Airlines for America, a trade group that represents major airlines such as American Airlines (AAL.O), Delta Air Lines (DAL.N), United Airlines, and others, previously estimated that the rule would cost its members $786 million over ten years, owing to unpaid idle time away from home and schedule disruptions.

Although the majority of U.S. flight attendants receive 10 hours of rest from airlines, aviation unions warned the FAA that the regulation should be implemented quickly for safety and security concerns.

Flight attendants are entitled to at least 9 hours of rest under current regulations, but this can be reduced to as little as 8 hours in certain circumstances.

“Flight attendants serve hundreds of millions of passengers on close to 10 million flights annually in the United States,” the FAA said, adding that they “perform safety and security functions while on duty in addition to serving customers.”

It noted examples of the “potential for weariness to be associated with the poor performance of safety and security-related jobs,” such as a flight attendant almost causing an emergency escape slide to be deployed in 2017, which was ascribed to fatigue and other concerns.

The FAA estimates that the policy will cost $118 million per year and will result in the hiring of 1,042 additional flight attendants. It claimed that halving recruiting assumptions would result in a 30% reduction in expected costs.

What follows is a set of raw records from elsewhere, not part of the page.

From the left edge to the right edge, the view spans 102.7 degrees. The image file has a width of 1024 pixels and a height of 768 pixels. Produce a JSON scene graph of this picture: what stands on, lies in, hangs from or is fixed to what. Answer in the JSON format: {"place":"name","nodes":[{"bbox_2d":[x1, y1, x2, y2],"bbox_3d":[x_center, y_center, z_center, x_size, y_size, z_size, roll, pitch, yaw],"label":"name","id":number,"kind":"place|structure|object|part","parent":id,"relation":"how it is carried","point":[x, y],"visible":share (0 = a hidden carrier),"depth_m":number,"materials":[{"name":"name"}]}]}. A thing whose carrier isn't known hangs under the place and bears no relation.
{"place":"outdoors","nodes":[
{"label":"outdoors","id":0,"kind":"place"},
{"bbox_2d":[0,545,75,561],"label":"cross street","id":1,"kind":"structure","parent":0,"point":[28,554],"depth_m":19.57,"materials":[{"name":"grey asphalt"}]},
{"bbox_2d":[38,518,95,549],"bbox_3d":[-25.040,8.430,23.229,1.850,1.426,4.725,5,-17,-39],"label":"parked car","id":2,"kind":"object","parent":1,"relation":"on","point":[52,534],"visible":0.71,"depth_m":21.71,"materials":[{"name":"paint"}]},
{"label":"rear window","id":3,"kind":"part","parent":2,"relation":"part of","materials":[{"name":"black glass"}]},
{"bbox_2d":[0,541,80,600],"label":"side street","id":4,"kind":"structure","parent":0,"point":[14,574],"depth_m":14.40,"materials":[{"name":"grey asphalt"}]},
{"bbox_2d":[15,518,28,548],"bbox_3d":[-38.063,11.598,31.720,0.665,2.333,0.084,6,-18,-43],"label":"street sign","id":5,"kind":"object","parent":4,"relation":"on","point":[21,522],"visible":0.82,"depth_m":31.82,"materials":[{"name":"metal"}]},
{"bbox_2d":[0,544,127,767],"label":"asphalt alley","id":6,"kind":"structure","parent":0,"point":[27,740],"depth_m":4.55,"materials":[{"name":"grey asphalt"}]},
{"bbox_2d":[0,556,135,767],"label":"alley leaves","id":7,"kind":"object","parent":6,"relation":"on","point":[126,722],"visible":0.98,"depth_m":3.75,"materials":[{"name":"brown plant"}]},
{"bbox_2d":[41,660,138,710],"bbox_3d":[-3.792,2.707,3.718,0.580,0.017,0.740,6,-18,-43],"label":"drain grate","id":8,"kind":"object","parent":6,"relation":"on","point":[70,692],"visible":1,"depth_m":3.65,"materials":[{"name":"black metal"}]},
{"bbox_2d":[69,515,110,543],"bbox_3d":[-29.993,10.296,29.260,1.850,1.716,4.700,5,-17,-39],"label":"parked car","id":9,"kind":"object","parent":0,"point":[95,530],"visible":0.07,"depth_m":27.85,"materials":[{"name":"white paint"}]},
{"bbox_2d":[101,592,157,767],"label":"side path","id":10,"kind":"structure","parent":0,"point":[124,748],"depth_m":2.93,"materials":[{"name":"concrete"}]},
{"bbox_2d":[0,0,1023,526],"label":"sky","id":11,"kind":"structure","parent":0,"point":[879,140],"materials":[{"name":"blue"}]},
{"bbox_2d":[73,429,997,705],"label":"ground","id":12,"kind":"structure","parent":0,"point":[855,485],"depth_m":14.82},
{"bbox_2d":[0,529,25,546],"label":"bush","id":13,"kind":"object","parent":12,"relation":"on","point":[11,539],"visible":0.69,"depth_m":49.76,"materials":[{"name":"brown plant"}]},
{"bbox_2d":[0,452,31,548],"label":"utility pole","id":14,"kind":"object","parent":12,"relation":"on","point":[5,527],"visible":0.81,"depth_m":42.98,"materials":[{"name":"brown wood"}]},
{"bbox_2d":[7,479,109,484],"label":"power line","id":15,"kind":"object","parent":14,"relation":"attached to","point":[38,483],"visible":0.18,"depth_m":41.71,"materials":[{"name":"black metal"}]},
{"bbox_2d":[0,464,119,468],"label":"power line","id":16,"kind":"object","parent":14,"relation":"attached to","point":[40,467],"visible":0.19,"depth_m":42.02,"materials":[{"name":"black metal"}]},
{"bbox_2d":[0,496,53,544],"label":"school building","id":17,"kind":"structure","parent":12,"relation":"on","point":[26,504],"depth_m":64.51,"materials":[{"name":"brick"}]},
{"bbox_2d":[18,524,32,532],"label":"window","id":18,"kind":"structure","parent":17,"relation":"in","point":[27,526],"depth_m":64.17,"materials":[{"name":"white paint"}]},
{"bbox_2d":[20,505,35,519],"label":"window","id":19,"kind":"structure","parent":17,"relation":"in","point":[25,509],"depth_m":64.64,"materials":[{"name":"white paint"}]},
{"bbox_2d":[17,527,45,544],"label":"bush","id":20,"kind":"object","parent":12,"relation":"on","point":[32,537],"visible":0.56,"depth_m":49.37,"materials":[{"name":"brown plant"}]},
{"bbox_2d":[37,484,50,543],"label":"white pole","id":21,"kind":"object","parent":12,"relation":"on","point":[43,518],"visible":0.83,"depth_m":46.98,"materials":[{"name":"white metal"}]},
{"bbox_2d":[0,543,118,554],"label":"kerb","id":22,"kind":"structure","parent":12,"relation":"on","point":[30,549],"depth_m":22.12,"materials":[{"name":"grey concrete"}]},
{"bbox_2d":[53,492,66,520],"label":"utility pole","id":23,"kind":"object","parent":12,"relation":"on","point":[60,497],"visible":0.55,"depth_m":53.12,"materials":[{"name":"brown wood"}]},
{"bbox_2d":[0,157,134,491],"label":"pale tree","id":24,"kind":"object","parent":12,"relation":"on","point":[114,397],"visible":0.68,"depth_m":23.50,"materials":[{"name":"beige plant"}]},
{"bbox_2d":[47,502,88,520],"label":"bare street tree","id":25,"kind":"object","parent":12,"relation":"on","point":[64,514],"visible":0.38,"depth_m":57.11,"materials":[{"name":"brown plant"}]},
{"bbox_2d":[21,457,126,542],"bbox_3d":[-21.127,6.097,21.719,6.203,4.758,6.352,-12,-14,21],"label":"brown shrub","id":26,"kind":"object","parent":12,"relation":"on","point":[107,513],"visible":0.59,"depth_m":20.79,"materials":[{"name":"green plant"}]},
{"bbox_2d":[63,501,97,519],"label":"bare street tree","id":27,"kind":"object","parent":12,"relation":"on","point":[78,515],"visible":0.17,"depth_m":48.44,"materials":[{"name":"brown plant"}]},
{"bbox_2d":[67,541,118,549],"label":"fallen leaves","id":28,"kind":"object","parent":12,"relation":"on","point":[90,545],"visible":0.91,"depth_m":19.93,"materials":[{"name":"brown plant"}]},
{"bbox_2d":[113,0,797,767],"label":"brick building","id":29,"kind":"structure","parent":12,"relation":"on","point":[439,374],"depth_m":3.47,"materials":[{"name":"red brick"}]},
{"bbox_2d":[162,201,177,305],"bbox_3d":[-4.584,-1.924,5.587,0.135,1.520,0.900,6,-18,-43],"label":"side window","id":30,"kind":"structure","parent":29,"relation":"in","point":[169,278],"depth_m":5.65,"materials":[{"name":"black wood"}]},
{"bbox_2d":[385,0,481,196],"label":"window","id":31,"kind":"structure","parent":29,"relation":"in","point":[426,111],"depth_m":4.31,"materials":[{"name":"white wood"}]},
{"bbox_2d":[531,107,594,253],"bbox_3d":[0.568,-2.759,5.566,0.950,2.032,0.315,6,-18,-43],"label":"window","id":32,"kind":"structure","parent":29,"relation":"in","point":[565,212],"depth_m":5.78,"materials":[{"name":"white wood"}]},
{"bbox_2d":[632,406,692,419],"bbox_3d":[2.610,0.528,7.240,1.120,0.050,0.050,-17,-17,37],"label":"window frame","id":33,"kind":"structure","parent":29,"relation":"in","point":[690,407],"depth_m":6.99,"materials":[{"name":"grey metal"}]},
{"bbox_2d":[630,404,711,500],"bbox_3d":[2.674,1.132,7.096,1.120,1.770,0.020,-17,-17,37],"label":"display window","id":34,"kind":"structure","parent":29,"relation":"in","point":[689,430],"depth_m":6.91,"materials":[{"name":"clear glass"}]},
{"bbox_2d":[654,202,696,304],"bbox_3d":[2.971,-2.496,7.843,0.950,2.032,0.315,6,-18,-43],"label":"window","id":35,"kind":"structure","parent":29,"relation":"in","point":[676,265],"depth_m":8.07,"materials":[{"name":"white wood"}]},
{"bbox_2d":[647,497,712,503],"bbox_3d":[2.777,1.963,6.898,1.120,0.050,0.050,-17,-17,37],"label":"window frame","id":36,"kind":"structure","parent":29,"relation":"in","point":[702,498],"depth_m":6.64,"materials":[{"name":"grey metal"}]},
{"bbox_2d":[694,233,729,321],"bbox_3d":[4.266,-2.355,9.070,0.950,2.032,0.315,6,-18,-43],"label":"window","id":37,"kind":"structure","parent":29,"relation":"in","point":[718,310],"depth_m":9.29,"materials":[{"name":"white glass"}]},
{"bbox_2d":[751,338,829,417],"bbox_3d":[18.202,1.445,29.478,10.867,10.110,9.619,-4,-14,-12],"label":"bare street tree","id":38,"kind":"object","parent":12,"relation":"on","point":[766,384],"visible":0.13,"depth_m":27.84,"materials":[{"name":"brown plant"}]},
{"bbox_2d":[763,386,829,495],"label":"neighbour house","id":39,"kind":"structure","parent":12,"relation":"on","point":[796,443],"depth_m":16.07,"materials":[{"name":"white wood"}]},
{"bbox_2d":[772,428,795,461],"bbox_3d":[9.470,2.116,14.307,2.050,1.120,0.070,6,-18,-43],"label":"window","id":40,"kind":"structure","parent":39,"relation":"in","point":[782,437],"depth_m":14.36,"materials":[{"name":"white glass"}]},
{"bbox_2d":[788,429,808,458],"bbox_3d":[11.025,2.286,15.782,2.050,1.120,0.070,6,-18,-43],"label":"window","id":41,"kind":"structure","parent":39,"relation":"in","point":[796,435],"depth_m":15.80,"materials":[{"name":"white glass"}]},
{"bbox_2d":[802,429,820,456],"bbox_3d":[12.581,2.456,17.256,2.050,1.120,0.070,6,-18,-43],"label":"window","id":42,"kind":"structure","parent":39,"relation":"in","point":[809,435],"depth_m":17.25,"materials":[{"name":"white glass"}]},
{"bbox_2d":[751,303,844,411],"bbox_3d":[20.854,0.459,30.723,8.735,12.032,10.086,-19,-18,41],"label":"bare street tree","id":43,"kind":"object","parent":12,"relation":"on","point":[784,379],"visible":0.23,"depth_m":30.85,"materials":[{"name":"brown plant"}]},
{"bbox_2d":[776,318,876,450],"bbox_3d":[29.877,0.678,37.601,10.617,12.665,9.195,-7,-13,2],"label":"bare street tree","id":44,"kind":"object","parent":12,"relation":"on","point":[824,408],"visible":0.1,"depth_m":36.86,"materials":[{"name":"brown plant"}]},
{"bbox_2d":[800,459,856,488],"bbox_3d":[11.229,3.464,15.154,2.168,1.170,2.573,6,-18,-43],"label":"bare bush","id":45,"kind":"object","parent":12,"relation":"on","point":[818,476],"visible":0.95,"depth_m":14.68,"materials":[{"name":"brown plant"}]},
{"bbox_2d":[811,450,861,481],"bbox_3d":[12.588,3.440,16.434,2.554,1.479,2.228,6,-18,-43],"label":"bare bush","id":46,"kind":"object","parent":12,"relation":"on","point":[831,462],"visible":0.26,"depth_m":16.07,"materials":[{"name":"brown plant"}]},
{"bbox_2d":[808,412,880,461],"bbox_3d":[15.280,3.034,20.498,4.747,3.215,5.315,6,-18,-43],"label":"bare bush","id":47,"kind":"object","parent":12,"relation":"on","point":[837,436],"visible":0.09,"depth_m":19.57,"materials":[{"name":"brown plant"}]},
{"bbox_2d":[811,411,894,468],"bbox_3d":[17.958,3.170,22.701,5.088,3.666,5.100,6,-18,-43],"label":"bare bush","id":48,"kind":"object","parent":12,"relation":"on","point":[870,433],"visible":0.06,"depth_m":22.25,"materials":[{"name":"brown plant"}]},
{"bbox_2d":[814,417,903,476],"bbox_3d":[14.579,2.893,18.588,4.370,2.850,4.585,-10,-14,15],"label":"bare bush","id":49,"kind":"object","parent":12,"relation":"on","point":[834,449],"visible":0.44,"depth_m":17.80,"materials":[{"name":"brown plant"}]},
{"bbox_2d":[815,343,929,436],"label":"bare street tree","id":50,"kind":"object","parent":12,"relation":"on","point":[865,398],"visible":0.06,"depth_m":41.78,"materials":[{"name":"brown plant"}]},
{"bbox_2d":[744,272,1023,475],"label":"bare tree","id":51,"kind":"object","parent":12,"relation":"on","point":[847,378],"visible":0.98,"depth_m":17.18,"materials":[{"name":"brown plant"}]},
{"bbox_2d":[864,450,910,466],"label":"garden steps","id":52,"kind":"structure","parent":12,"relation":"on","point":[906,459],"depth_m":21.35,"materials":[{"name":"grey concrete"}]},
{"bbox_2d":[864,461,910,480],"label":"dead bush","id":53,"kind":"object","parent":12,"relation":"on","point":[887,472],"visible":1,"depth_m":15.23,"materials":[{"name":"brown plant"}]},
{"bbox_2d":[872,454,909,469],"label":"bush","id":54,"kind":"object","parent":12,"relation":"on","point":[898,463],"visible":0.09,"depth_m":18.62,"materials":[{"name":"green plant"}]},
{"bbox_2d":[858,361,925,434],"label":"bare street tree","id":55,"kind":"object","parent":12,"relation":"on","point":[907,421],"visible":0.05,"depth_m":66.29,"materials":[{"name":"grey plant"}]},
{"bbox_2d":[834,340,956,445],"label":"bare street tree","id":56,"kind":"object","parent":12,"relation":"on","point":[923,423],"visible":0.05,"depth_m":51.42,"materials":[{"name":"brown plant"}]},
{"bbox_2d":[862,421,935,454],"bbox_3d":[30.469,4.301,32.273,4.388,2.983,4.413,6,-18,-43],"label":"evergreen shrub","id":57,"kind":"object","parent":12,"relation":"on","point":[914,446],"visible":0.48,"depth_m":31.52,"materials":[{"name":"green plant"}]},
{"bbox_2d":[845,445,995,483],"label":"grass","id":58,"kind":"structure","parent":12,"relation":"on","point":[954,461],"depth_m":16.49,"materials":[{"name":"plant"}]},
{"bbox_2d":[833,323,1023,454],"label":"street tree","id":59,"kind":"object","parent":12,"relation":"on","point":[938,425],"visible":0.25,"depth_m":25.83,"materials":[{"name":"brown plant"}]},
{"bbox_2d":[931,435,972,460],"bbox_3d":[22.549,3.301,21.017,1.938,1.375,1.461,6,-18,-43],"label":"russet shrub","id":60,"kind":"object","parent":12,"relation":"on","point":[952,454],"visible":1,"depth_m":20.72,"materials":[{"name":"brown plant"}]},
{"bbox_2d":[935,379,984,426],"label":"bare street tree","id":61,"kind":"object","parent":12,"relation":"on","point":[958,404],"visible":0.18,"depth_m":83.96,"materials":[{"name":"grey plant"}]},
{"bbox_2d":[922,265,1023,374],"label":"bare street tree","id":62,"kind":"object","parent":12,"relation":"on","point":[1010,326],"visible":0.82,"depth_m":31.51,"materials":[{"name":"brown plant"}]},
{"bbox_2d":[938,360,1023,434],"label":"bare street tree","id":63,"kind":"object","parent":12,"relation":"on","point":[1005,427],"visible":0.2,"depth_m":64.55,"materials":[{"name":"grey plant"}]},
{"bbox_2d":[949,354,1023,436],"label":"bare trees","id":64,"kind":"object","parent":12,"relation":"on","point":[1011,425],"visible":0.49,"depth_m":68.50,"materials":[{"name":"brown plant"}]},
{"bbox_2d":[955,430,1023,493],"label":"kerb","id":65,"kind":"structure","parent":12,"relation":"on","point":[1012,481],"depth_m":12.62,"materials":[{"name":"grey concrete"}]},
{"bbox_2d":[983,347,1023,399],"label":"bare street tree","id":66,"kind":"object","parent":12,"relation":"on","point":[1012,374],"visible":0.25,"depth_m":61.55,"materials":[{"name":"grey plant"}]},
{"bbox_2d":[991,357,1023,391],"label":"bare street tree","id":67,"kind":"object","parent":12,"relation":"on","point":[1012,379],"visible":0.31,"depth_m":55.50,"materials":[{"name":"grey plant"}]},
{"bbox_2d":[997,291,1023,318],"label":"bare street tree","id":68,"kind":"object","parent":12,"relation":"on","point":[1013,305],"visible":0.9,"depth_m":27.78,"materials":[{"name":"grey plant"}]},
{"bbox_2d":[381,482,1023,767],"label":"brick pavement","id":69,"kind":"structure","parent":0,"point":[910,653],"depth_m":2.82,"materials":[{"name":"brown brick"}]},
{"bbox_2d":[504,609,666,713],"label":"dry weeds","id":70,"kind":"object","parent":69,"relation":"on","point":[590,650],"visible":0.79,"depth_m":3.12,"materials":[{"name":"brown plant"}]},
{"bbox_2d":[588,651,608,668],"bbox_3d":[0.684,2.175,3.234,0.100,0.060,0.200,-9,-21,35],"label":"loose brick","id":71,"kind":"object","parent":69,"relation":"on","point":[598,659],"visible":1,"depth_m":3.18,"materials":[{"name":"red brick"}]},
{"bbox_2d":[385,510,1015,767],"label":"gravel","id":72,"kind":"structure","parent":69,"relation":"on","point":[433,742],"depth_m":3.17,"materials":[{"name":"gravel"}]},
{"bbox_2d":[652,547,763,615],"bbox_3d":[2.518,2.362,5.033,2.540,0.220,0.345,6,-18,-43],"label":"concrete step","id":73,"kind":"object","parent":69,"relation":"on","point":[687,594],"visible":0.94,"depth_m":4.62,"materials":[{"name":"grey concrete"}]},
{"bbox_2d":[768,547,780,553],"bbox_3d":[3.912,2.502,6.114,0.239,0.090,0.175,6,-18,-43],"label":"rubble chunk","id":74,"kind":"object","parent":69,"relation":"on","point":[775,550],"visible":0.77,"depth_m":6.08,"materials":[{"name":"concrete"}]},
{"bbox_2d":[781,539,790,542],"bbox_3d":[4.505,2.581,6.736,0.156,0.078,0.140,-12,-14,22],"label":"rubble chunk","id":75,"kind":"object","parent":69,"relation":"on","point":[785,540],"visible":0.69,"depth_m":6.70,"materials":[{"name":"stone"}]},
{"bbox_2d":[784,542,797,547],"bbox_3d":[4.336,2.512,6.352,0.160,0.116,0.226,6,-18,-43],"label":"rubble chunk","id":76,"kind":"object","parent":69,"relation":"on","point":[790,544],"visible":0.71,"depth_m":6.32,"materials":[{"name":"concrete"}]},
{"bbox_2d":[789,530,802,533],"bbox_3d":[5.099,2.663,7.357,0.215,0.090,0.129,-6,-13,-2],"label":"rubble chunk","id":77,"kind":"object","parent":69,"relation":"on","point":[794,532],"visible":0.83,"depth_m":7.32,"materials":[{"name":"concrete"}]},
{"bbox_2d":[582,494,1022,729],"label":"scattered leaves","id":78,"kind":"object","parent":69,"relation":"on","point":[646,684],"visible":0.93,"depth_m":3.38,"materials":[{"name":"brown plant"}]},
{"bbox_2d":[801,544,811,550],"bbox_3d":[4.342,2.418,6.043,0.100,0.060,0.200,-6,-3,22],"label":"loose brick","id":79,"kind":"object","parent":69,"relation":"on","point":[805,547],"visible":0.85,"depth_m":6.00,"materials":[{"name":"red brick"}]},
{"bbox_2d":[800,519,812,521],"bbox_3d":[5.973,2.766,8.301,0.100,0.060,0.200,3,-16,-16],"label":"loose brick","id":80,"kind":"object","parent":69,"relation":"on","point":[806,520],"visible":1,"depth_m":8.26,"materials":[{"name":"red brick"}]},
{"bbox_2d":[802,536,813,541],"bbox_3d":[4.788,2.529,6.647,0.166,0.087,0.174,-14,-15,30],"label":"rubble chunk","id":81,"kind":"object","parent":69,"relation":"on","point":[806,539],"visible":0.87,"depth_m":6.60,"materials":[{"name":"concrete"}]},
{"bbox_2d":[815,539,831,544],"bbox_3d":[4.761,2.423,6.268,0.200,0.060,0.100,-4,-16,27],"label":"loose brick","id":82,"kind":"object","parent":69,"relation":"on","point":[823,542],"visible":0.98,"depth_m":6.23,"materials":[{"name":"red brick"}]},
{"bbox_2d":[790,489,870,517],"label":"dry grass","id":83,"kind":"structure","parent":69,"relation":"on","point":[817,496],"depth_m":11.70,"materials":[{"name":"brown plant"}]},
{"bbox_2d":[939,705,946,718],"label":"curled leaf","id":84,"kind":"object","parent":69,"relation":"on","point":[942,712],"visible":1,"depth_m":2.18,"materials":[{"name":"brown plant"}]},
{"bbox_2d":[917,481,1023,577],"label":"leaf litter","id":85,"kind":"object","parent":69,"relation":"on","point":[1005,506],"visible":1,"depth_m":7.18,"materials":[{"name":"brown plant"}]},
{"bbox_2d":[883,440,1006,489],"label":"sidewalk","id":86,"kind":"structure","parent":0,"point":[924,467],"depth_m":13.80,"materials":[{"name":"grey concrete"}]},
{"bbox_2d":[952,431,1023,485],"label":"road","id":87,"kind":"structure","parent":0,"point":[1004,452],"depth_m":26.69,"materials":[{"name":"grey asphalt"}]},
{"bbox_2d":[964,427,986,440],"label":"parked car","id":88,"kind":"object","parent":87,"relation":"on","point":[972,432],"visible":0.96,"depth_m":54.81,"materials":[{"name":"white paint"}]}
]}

Delta announced in February 2020 that it would mandate the 10-hour rest requirement after the FAA published an advance notice of the anticipated rules in 2019.

On Thursday, FAA Administrator Steve Dickson will testify before a House Transportation Subcommittee.

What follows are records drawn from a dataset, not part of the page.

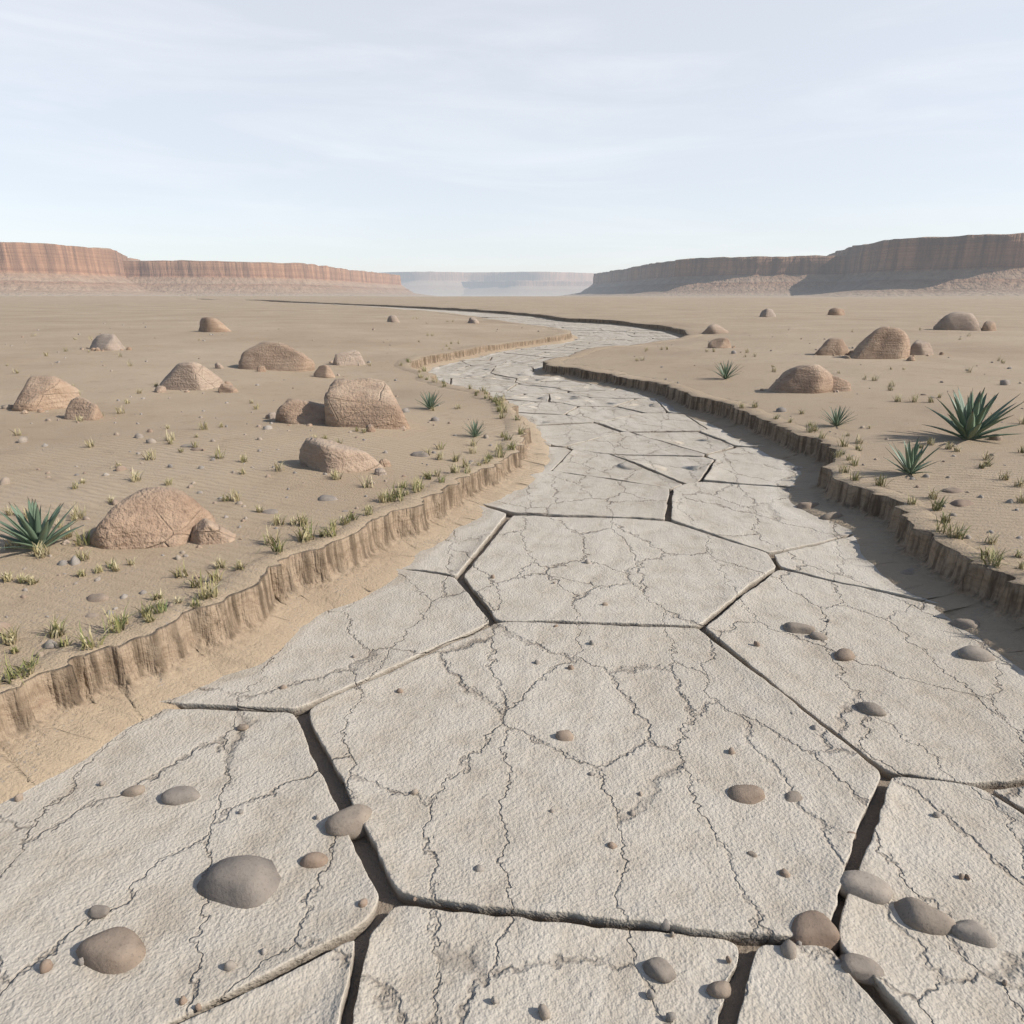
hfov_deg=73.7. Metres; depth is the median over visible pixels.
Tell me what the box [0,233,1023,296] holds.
mesas
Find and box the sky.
[0,0,1023,272]
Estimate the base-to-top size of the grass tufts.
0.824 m
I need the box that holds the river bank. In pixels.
[0,298,1023,803]
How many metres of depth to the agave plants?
8.73 m
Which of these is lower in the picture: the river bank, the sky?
the river bank
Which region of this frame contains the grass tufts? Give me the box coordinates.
[0,317,1023,684]
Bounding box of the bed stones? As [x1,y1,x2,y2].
[76,394,996,998]
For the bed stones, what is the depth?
2.62 m
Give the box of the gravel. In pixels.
[0,323,1023,1021]
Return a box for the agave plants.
[0,360,1022,549]
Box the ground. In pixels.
[0,296,1023,1023]
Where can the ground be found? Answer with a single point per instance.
(166, 340)
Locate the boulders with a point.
(154, 517)
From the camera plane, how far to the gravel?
4.23 m
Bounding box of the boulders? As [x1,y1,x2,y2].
[11,308,995,549]
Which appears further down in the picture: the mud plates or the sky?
the mud plates
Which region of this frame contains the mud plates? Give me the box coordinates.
[0,314,1023,1023]
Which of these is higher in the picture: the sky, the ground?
the sky

The delay in the FAA adopting the flight attendant rest rule and mandating additional flight deck barriers to further protect the cockpits on all newly manufactured airliners, according to House Transportation Committee Chairman Peter DeFazio, is “unacceptable.”

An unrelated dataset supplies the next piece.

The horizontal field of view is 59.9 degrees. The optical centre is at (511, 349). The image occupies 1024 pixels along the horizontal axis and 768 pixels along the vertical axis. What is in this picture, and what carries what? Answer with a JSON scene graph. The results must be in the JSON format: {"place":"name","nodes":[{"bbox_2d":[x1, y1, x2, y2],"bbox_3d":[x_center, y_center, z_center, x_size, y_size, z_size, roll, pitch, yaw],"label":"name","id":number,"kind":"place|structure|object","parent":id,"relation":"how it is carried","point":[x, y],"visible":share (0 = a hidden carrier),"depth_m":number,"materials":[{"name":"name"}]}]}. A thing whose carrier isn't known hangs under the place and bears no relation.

Attorneys at the FAA “need a little nudge” to act faster on rules when Congress orders them, DeFazio said at the hearing on Thursday. “You don’t have to think about it for three years… you just do it.”

The rule, according to Sara Nelson, president of the Association of Flight Attendants, which represents 50,000 workers at 17 airlines, is vital.

“Flight attendant fatigue is real. COVID has only exacerbated the safety gap with long duty days, short nights, and combative conditions on planes,” she said. “Congress mandated 10 hours irreducible rest in October 2018, but the prior administration put the rule on a process to kill it.”

Flight attendants have dealt with a record amount of disruptive, sometimes violent customer situations throughout the epidemic, with the FAA noting 4,837 unruly passenger reports since January 1, including 3,511 for refusing to wear a mask.

The FAA proposes that the new flight attendant rest standards become effective 30 days after they are published in their final form.